Keep in mind that ReactiveX is a functional paradigm. The properties of objects don't change. Rather a new object is emitted from the Observable with different properties.

If you are only interested in tracking the name of a specific car then it's a simple mapping:

extension ObservableType where E == [Car] {
    func nameOfCar(withID id: Int) -> Observable<String?> {
        return map { $0.first(where: { $0.id == id }) }
            .map { $0?.name }
            .distinctUntilChanged()
    }
}

Because of the distinctUntilChanged() operator, the above will only emit a value if the car with the entered ID's name changes. The optional is there so the consumer can detect if the car is no longer in the array. More technically, this operator observes a Stream that emits arrays of cars, maps over each array emitted to see if the car with the correct ID exists, and if it does, finds that car's name.
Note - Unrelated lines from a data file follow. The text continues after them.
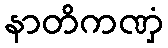
နာတိကဏှံ
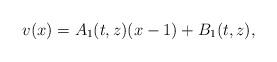
LaTeX: \begin{align*}v(x)=A_{1}(t,z)(x-1)+B_{1}(t,z), \end{align*}
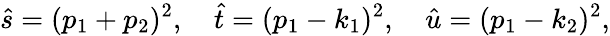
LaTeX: \hat{s}=(p_{1}+p_{2})^{2},\quad\hat{t}=(p_{1}-k_{1})^{2},\quad\hat{u}=(p_{1}-k_{2})^{2},
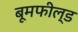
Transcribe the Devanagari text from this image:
बूमफील्ड
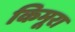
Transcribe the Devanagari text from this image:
किमूरा
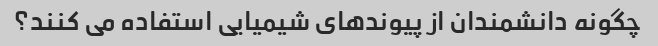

Then it compares that name with the previous name it emitted and emits the name only if it is different.

You can observe Car objects more generally with this:

extension ObservableType where E == Car {
    var name: Observable<String> {
        return map { $0.name }
            .distinctUntilChanged()
    }

    var price: Observable<Double> {
        return map { $0.price }
            .distinctUntilChanged()
    }

    // etc...
}

extension ObservableType where E == [Car] {
    func car(withID id: Int) -> Observable<Car?> {
        return map { $0.first(where: { $0.id == id }) }
            .distinctUntilChanged() // assumes a Car is Equatable
    }
}

I expect a more generic solution could be made with Swift's new key path system.